PROVIDED RECORDS:

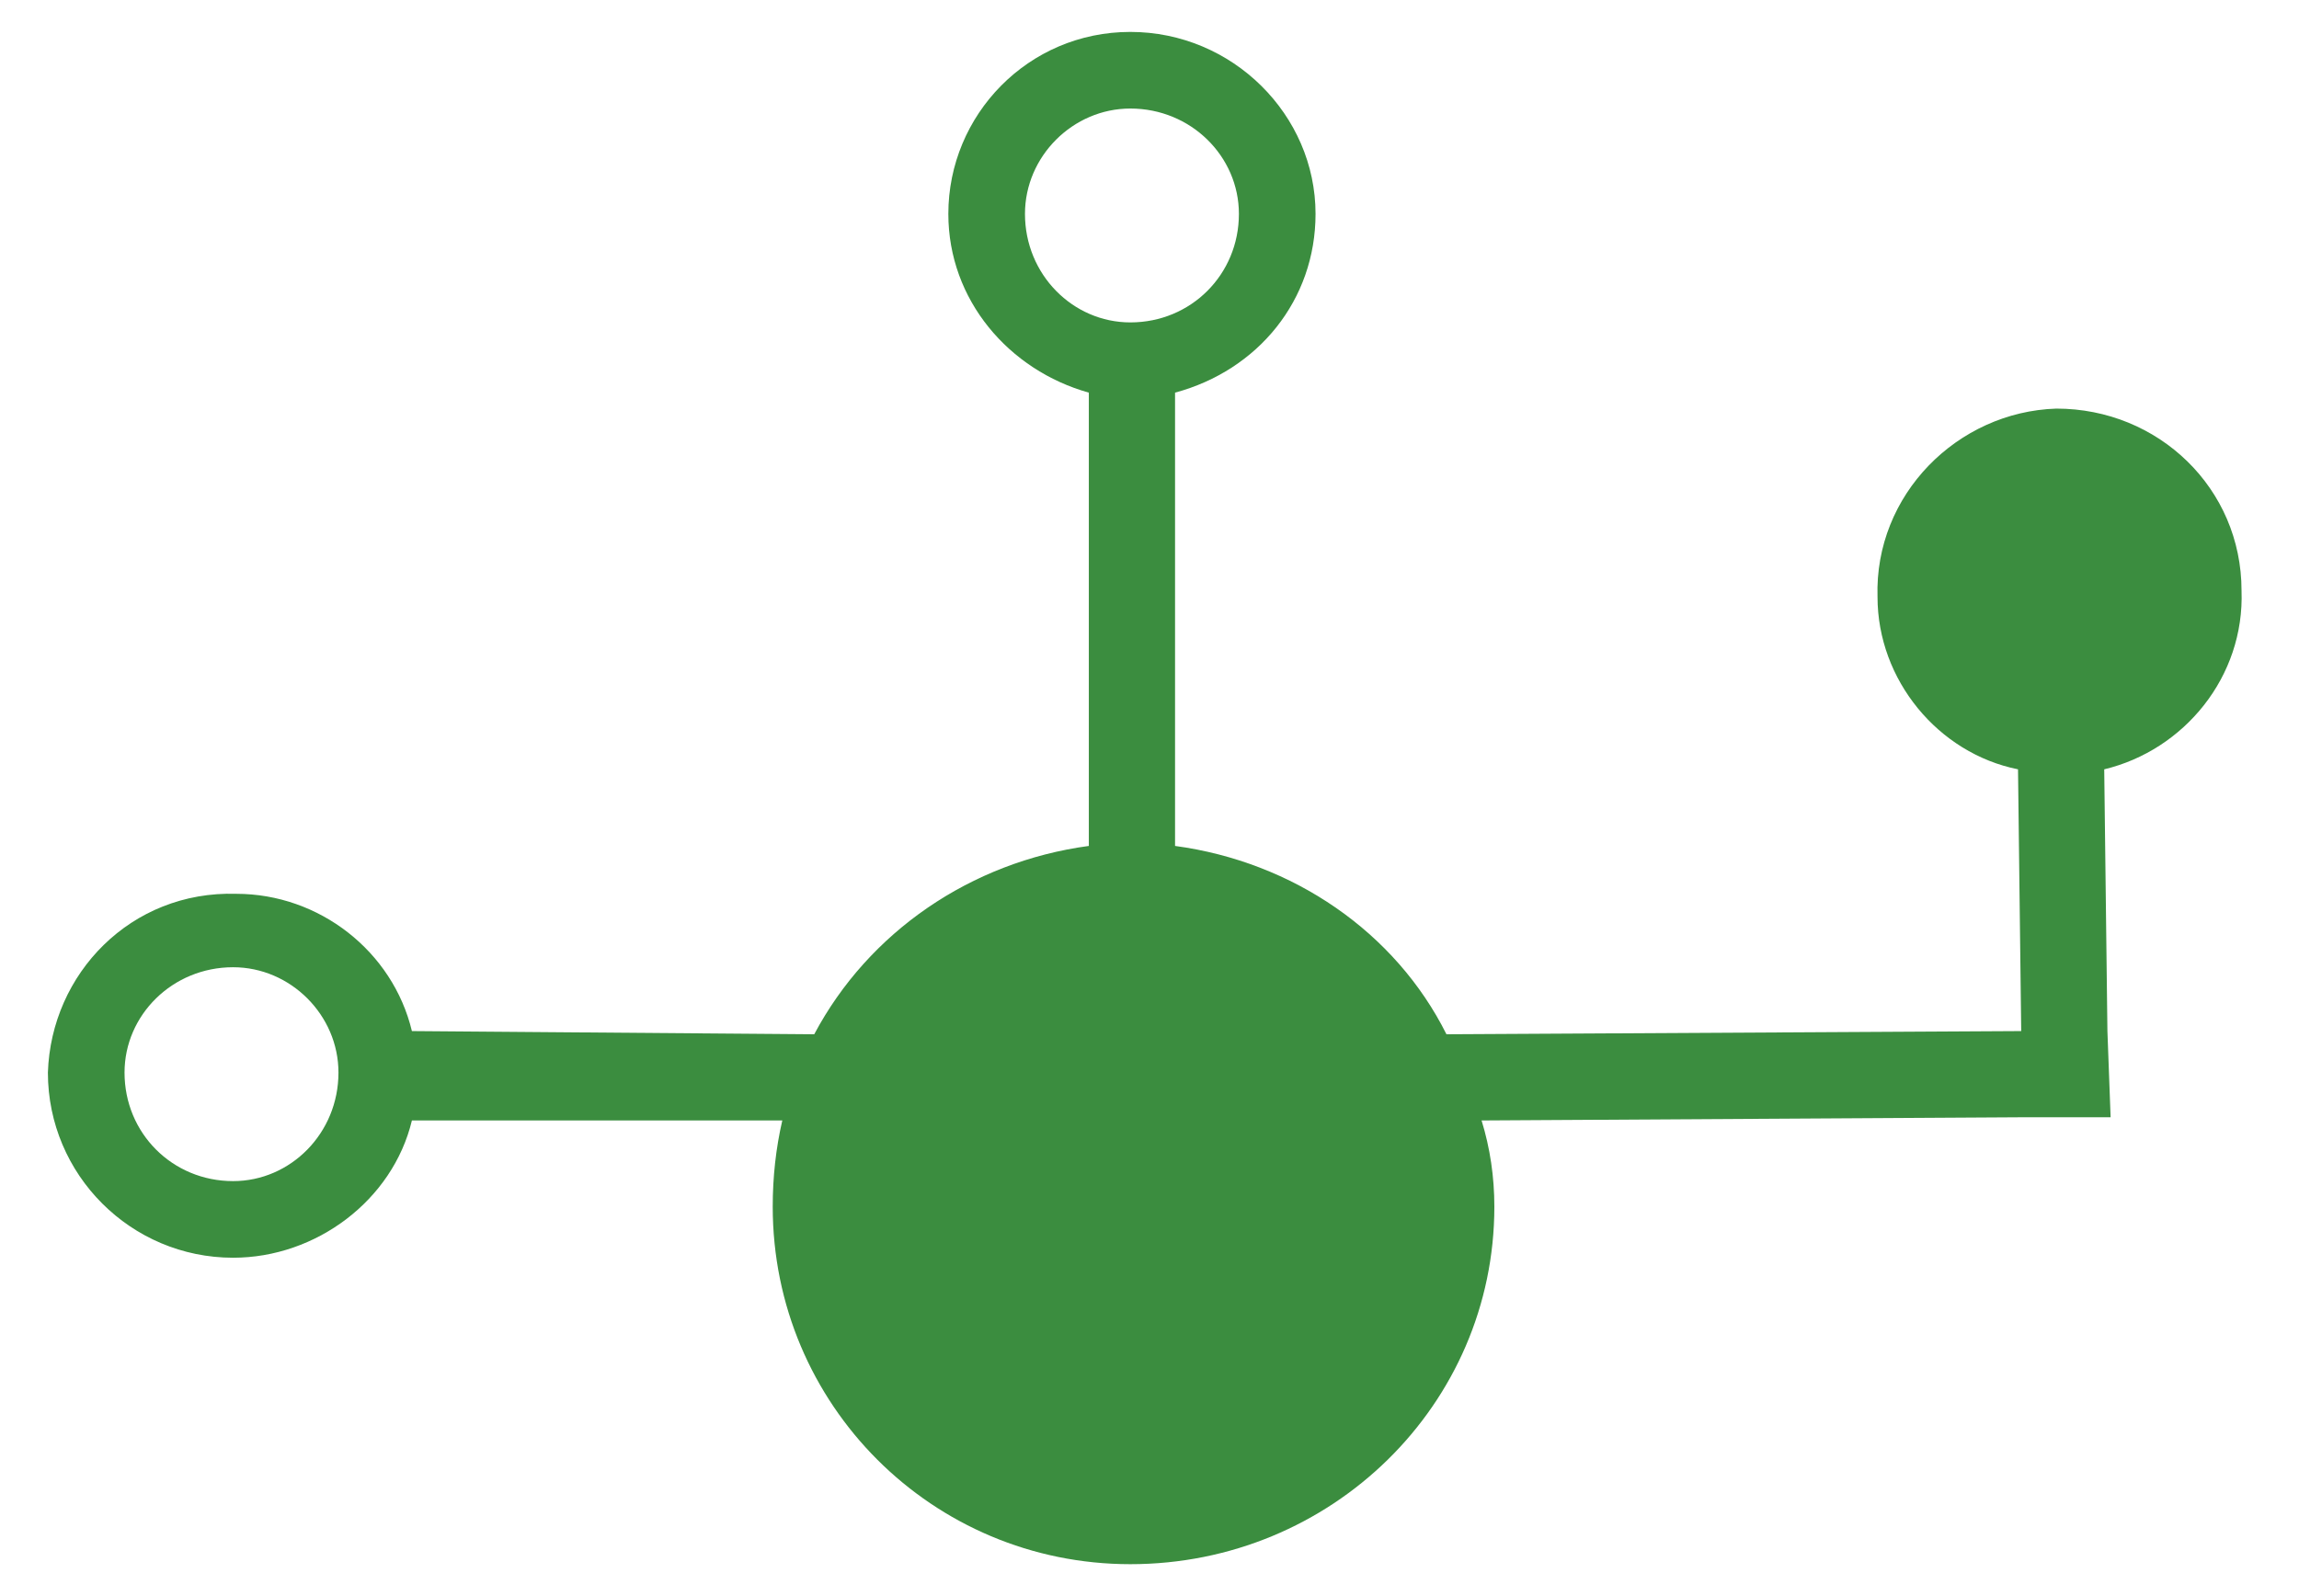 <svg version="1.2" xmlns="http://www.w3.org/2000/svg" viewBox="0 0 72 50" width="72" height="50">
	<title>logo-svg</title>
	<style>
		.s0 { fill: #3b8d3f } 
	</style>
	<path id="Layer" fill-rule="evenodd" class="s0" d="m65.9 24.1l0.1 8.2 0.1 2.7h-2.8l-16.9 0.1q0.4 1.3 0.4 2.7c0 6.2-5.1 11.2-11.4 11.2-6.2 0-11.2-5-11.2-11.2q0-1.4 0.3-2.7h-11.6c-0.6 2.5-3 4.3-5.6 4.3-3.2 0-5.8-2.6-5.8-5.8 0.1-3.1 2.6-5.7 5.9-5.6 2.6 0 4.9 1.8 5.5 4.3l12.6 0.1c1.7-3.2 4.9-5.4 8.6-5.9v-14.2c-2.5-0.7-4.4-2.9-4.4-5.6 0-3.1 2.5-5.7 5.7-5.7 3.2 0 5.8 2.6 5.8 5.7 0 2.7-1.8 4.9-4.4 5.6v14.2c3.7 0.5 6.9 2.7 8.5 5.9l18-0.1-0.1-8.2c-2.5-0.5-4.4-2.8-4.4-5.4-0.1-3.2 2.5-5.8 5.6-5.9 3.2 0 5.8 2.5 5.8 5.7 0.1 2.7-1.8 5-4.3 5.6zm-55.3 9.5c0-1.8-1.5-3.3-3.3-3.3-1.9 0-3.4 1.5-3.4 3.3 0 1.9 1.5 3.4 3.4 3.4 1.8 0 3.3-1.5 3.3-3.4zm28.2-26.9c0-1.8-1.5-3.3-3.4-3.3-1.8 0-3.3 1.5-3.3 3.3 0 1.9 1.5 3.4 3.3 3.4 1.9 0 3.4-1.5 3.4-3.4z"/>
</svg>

INSTRUCTIONS TO FOLLOW:
Omit any images, then output the listing exactly.

RESPONSE AREA:
 <svg version="1.2" xmlns="http://www.w3.org/2000/svg" viewBox="0 0 72 50" width="72" height="50">
	<title>logo-svg</title>
	<style>
		.s0 { fill: #3b8d3f } 
	</style>
	<path id="Layer" fill-rule="evenodd" class="s0" d="m65.9 24.1l0.1 8.2 0.1 2.7h-2.8l-16.9 0.1q0.4 1.3 0.4 2.7c0 6.2-5.1 11.2-11.4 11.2-6.2 0-11.2-5-11.2-11.2q0-1.4 0.3-2.7h-11.6c-0.6 2.5-3 4.3-5.6 4.3-3.2 0-5.8-2.6-5.8-5.8 0.1-3.1 2.6-5.7 5.9-5.6 2.6 0 4.9 1.8 5.5 4.3l12.6 0.1c1.7-3.2 4.9-5.4 8.6-5.9v-14.2c-2.5-0.7-4.4-2.9-4.4-5.6 0-3.1 2.5-5.7 5.7-5.7 3.2 0 5.8 2.6 5.8 5.7 0 2.7-1.8 4.9-4.4 5.6v14.2c3.7 0.5 6.9 2.7 8.5 5.9l18-0.1-0.1-8.2c-2.5-0.5-4.4-2.8-4.4-5.4-0.1-3.2 2.5-5.8 5.6-5.9 3.2 0 5.8 2.5 5.8 5.7 0.1 2.7-1.8 5-4.3 5.6zm-55.3 9.5c0-1.8-1.5-3.3-3.3-3.3-1.9 0-3.4 1.5-3.4 3.3 0 1.9 1.5 3.4 3.4 3.4 1.8 0 3.3-1.5 3.3-3.4zm28.2-26.9c0-1.8-1.5-3.3-3.4-3.3-1.8 0-3.3 1.5-3.3 3.3 0 1.9 1.5 3.4 3.3 3.4 1.9 0 3.4-1.5 3.4-3.4z"/>
</svg>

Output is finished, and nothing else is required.